In general, exchange rates are relational ratios of currency values between two currencies, known as a currency pair. While there are index measures that help you assess the basic trend and direction of a single currency against a basket of major currencies, you have to compare one specific currency versus the next to know how those currencies are interacting.

There are certain events and factors that can positively or negatively impact a single currency and affects its value relative to most other currencies. However, similarly positive or negative effects can also be influencing those other currencies, meaning the overall direction of each trading pair is dynamic.
Currency pair ratios are expressed as the value of one unit of one currency versus one unit of the other currency in the pair. This ratio can be inverted. For instance, most brokerages tend to express the value of the Euro versus the dollar in terms of one Euro’s worth in dollars.

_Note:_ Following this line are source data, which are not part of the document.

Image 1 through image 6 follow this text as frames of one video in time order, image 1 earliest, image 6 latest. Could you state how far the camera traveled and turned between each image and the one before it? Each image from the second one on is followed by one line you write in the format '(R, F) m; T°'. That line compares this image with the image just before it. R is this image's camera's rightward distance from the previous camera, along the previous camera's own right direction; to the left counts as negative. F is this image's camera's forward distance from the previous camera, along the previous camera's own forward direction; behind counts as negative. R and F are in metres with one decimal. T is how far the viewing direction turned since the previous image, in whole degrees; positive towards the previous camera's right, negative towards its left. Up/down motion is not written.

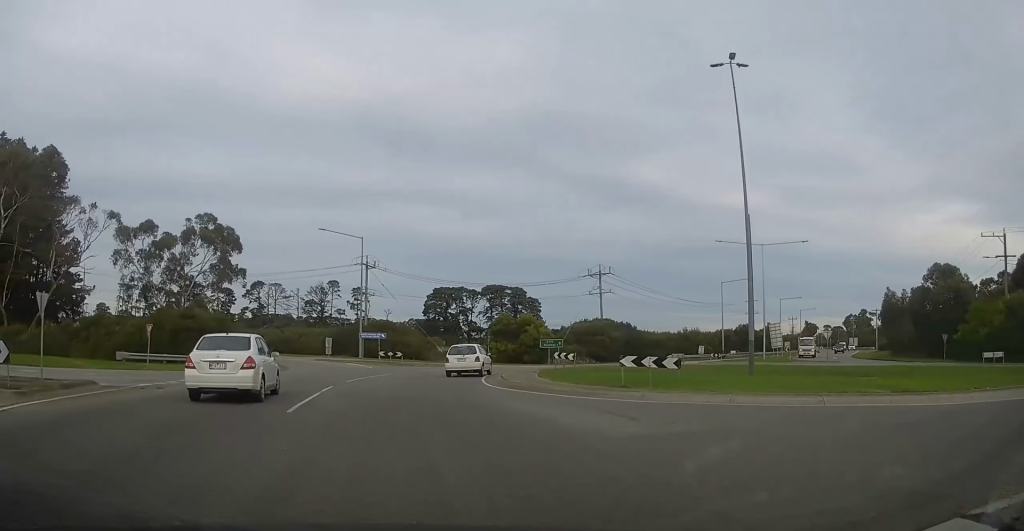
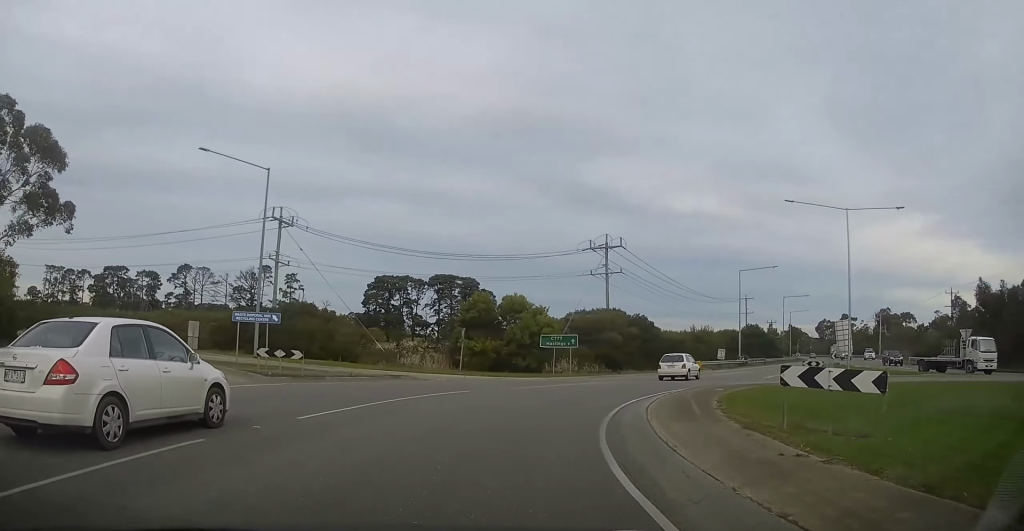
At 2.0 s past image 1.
(-1.1, +24.1) m; +2°
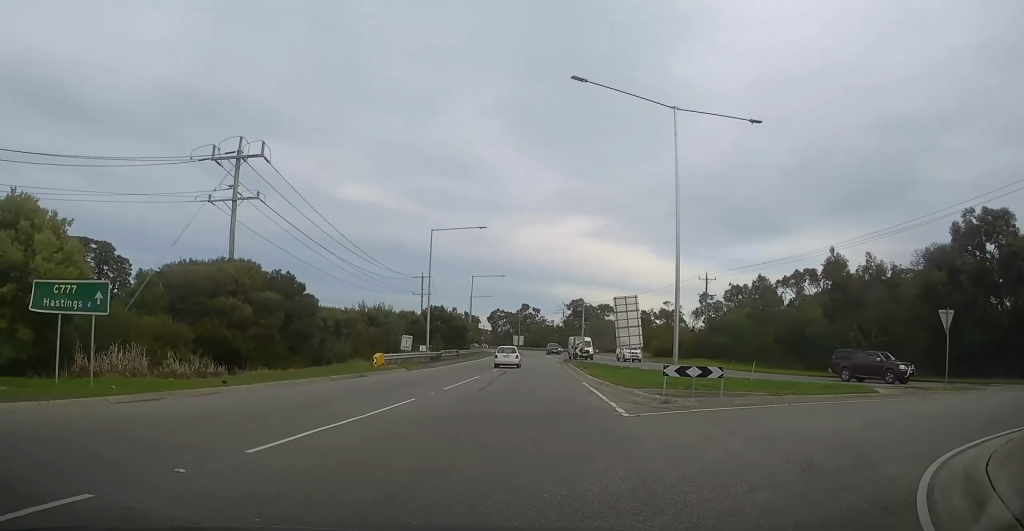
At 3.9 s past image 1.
(+5.4, +23.7) m; +26°
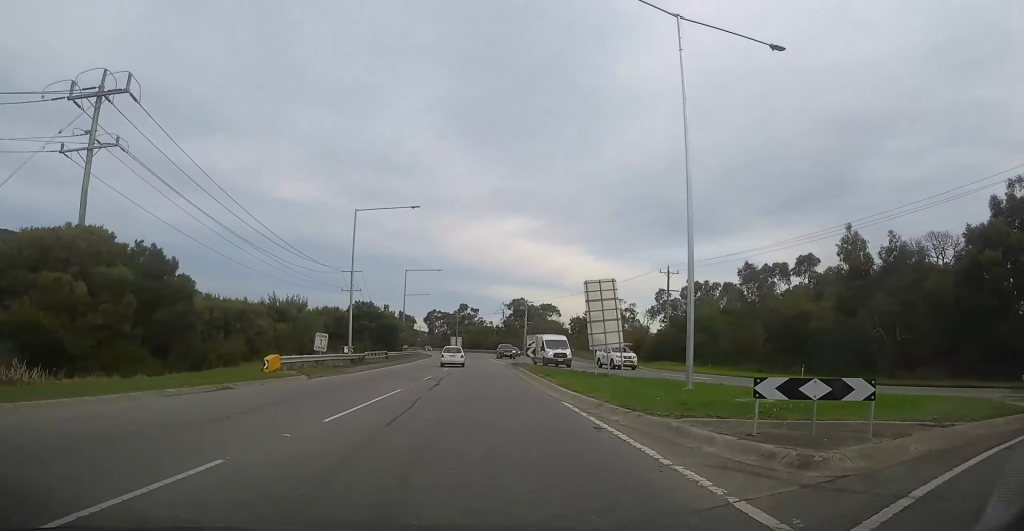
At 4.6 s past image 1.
(+0.9, +9.0) m; +7°
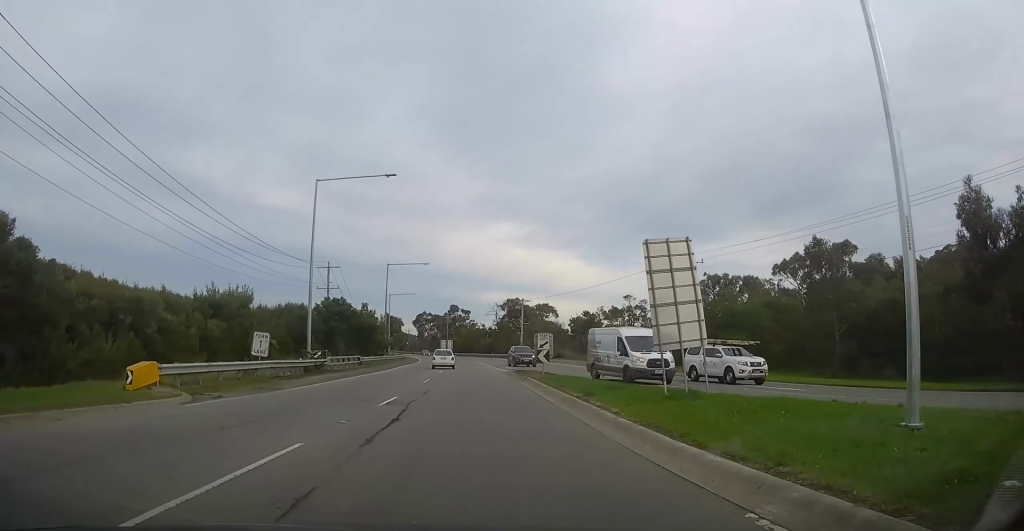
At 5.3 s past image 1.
(+0.8, +11.2) m; +5°
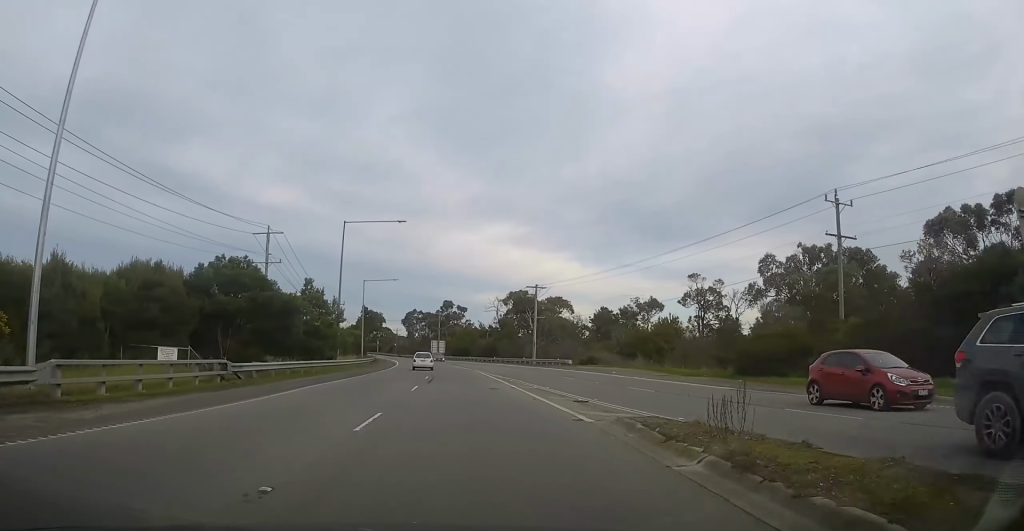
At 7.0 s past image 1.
(+0.8, +27.3) m; 0°

Thus, you might see this ratio quotes as something like EUR/USD=$1.1965. This is telling you that one Euro is currently worth just under $1.20. Values are stated to the fourth decimal position. This could be inverted to show USD/EUR=.8358. This is showing that one US dollar is equal to less than .84 Euros. The acronyms EUR and USD are each three letters symbols of currencies, similar to stock symbols. Each currency has its own three letter trading symbol.

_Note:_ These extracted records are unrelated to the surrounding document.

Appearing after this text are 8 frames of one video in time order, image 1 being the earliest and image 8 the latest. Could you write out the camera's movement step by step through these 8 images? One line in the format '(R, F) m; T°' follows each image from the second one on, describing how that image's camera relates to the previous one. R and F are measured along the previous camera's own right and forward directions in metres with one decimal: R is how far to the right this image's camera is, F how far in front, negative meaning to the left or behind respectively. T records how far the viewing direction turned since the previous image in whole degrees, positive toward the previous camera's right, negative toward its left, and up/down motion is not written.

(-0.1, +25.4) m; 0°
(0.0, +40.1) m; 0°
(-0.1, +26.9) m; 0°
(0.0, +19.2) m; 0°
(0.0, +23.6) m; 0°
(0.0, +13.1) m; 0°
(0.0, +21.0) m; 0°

Currency brokers offer a trading platform for speculators to buy and sell. Similar to other brokers, they make their money off of transaction fees. Rather than charging a per transaction fee, most brokers make money by taking a commission from the difference between the bid and offer prices on transactions.
If you are looking at an electronic trading platform with a broker, they might offer a bid price of EUR/USD = $1.1965 and an offer price of $1.1967. A buyer would pay the high price and a seller would collect the lower price. The .0002 difference is known as the trading spread. This amount is what the broker takes as a commission from each transaction. Traders obviously prefer smaller spreads as this reduces the amount of price to be made up as currencies move in the direction you are trading in.

One final unique thing about currency speculation is that unlike buying a stock, you are not necessarily buying the Euro or the dollar when you speculate in foreign currencies. If you buy the EUR/USD trading pair, you are expressing a belief that the EUR will increase in value relative to the dollar in the short or long term. If you sell this pair, you are shorting the EUR/USD and expressing a belief that the EUR will decrease in value relative to the dollar.

Businesses must be aware of foreign exchange rates because they affect the value of doing business in one country and bringing the earnings back to the domestic market. Buying goods in one market and selling them in another is impacted by the fluctuation of exchange rates between the buy and sell transaction points, among other currency rate factors.